Sunny Polenta Squash Pie (Inspired by Cat Power)

Polenta pie

THE DISH
Polenta squash pie

THE INSPIRATION
I went through a bit of a music drought this year, about a three-month period where I wasn’t blown away by much of anything, and Cat Power’s new album Sun is one that opened the floodgates and got me excited again. It’s emotional and, well, Cat Power-y, but not in the sad way longtime fans expect; and despite the less-depressing words and electronic-tinged music that’s on a different planet from the rest of her catalog, Chan Marshall actually sounds more like herself here. My good friend Amanda (who wrote a fascinating story about her for Pitchfork) said when she went back to listen to her 2006 album The Greatest, she found that Marshall’s voice sounded empty compared to this new one, because she wasn’t totally in it, and she’s right. That album is gorgeous and soulful, but it’s missing some of the “power” that exists on Sun.

It’s all too often that Chan Marshall’s breakdowns and emotional turmoil overshadow her music, but it sounds like she’s mostly in a healthier place here and looking forward; in the title track she sings, “We are free, you and me, we can finally run.” (It’s also worth noting that Sun is wrongfully being billed as a breakup album: The breakup — with actor Giovanni Ribisi — happened after the record was made).

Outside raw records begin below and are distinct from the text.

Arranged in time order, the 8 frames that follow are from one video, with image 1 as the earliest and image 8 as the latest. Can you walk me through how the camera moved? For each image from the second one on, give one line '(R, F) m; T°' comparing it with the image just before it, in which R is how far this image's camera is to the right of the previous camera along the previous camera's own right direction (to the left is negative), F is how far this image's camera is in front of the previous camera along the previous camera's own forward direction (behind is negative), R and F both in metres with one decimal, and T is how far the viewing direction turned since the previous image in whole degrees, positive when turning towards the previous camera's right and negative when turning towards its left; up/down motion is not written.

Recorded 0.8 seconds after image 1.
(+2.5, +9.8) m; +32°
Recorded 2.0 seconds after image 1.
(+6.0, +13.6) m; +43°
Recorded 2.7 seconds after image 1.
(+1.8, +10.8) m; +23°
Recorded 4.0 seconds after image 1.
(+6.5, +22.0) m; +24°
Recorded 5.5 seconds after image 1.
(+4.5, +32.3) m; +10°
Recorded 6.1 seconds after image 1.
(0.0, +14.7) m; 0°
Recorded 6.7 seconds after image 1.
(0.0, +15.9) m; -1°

In “Real Life” she sings, “Real life is ordinary/ Sometimes you don’t want to live/ Sometimes you gotta do what you don’t want to/ To get away with an unordinary life” and in the 11-minute-long “Nothing But Time,” she sings to Ribisi’s teenage daughter about being young and wanting to be somebody (“I see you, kid, alone in your room/ You got the weight on your mind you’re just tryin’ to get by/ Your world is just beginning/ And I know this life seems neverending/ But you’ve got nothin’ but time/ And it ain’t got nothin’ on you”).

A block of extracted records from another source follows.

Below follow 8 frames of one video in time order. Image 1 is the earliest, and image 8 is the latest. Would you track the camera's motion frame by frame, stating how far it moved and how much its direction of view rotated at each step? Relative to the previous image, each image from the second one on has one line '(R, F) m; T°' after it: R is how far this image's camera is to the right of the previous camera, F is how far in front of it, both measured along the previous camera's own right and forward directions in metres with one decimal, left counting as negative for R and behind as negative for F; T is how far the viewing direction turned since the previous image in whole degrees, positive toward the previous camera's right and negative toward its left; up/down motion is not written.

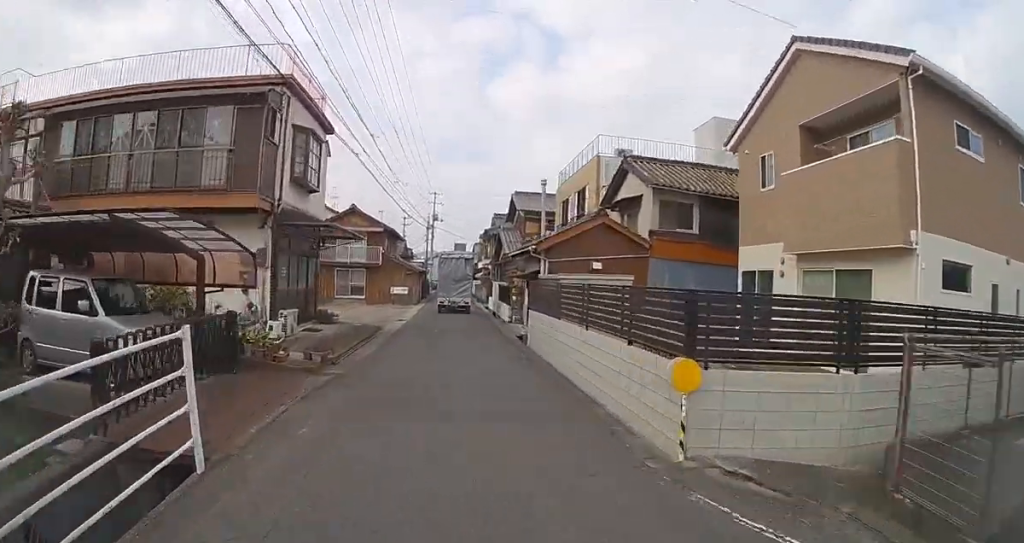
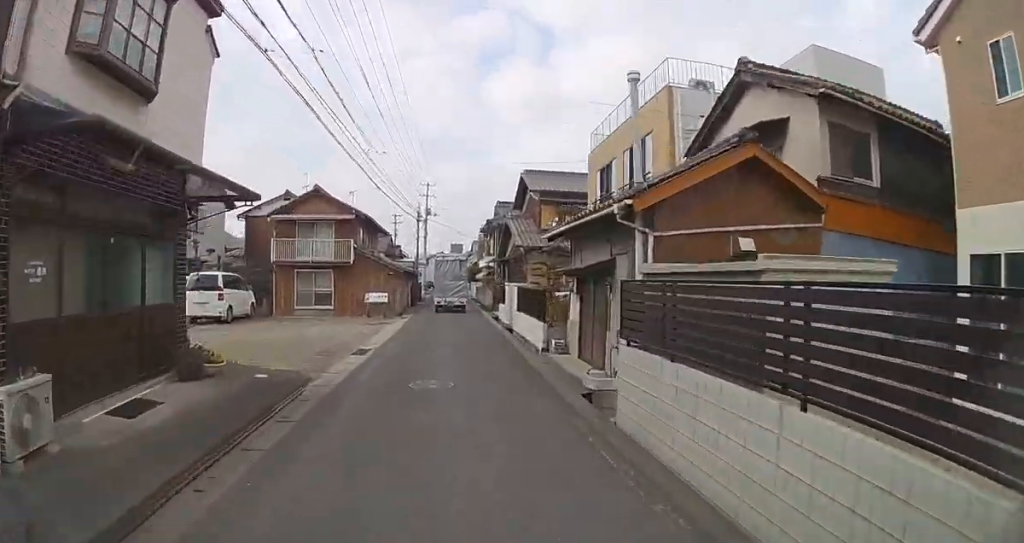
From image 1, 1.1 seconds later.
(+0.1, +7.7) m; +1°
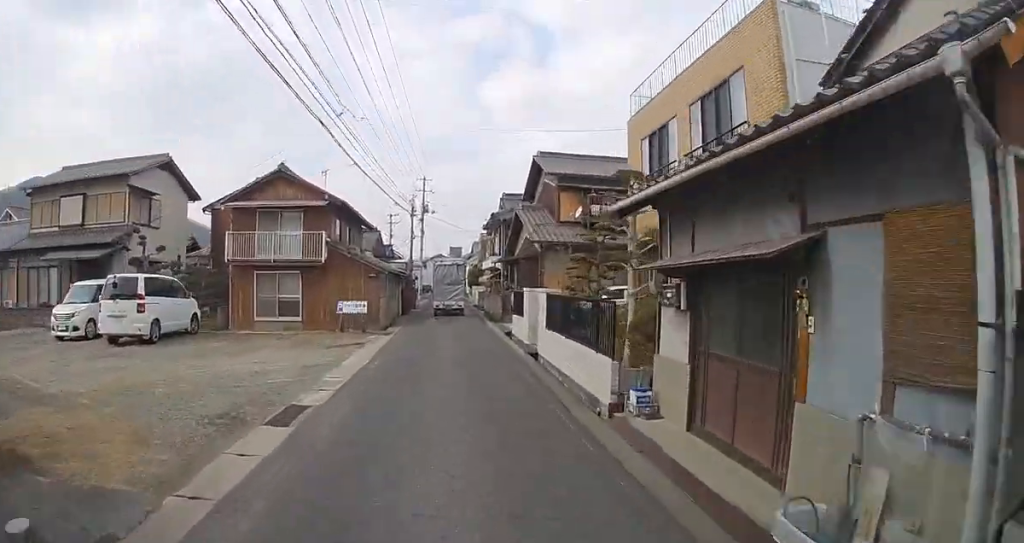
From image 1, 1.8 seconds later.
(0.0, +4.9) m; 0°
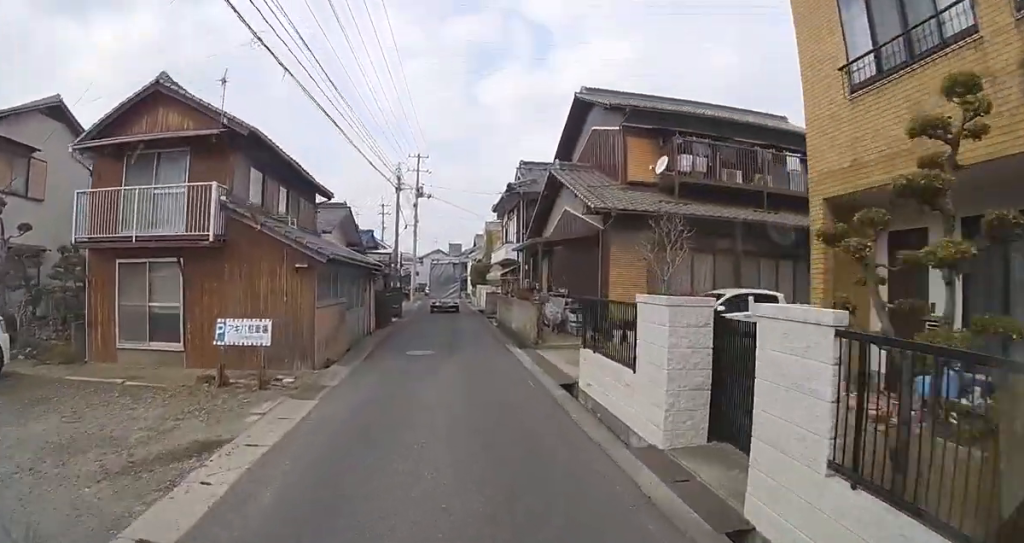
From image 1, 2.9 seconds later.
(0.0, +8.6) m; +1°
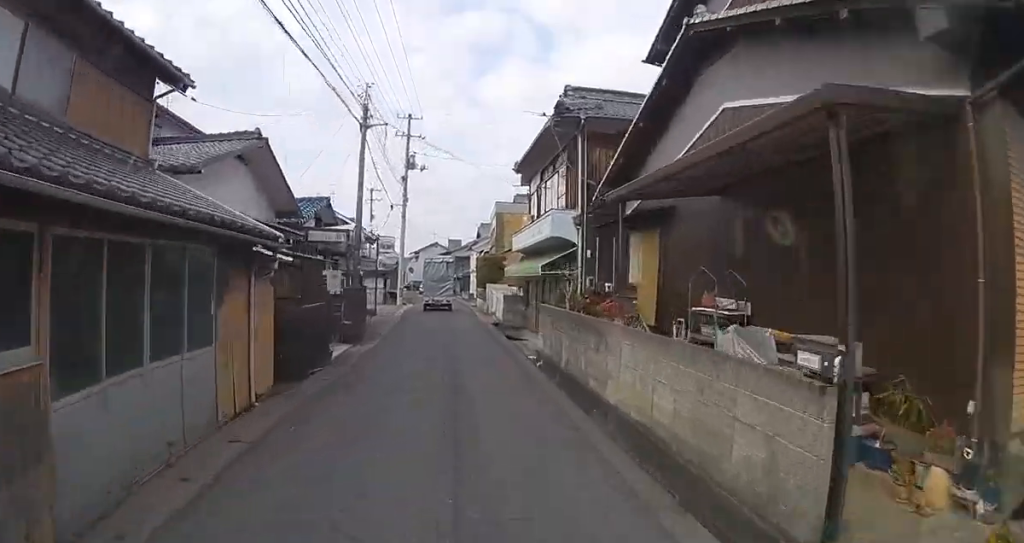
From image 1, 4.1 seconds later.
(+0.1, +9.7) m; 0°
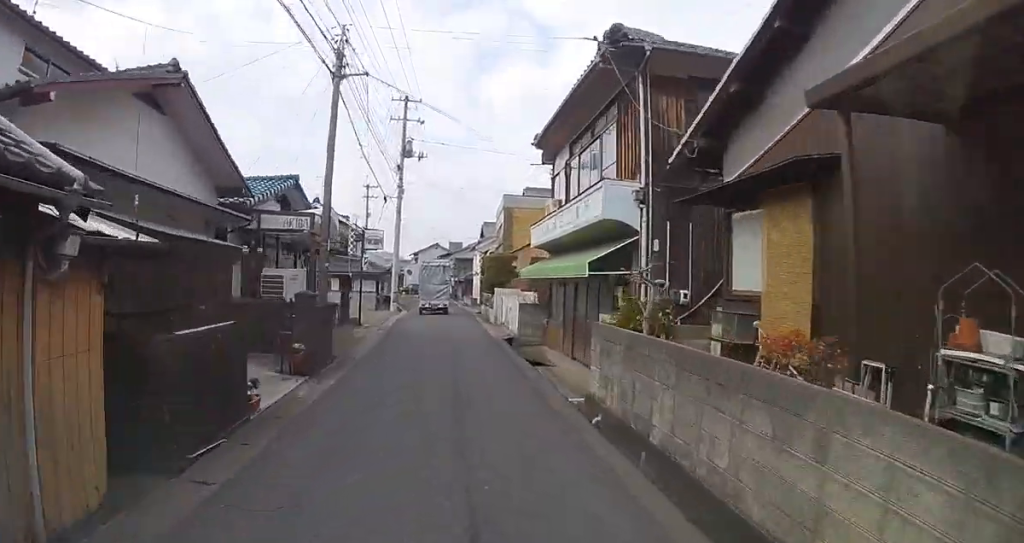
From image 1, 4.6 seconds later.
(0.0, +4.0) m; 0°
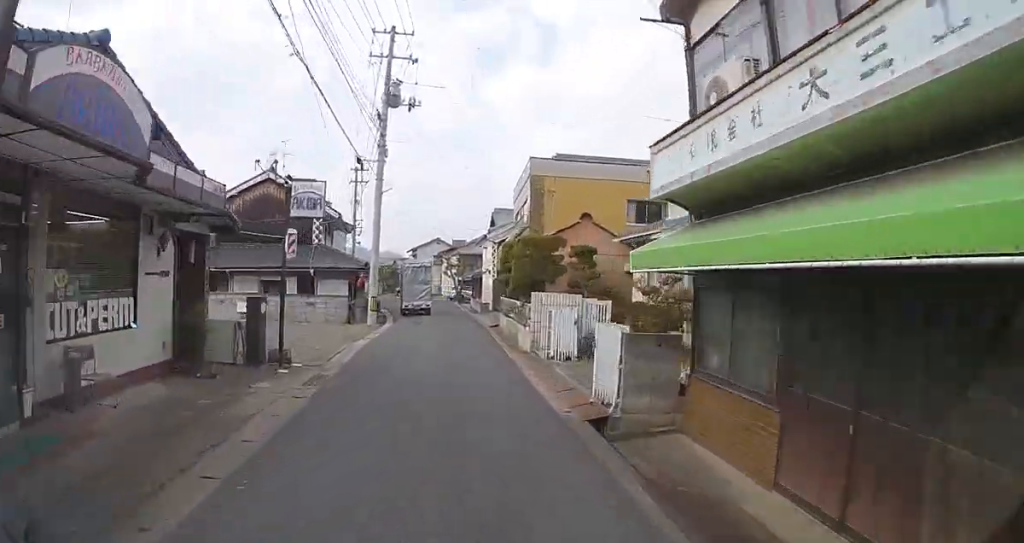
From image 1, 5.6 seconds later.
(0.0, +8.6) m; 0°
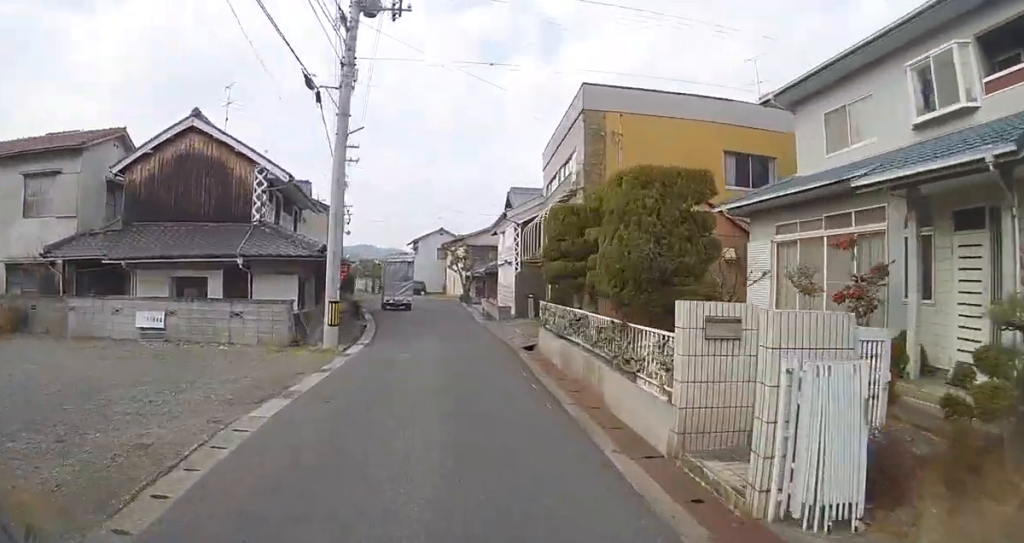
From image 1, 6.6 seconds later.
(0.0, +7.9) m; +1°

So, for the food — most of the reason for this pie (or quiche, or whatever you want to call it) is because it’s bright, yellow and looks like a sun (thanks to polenta, yellow summer squash, corn, tomatoes and baked eggs); but it’s also a healthy and well-balanced dish because Sun seems to find Marshall in a healthier place than in the past. And sort of on that same note, the onions in it start out spicy, but they mellow out and sweeten as they’re cooked. This is definitely a labor-intensive dish, but so was Sun, which Marshall wrote and recorded completely on her own (I didn’t do that much; I had a little bit of help in the kitchen!). The music has the perfect energy level for a lowkey Sunday morning; instead of wanting to hide under the covers and cry, Sun makes me want to get out of bed and start the day.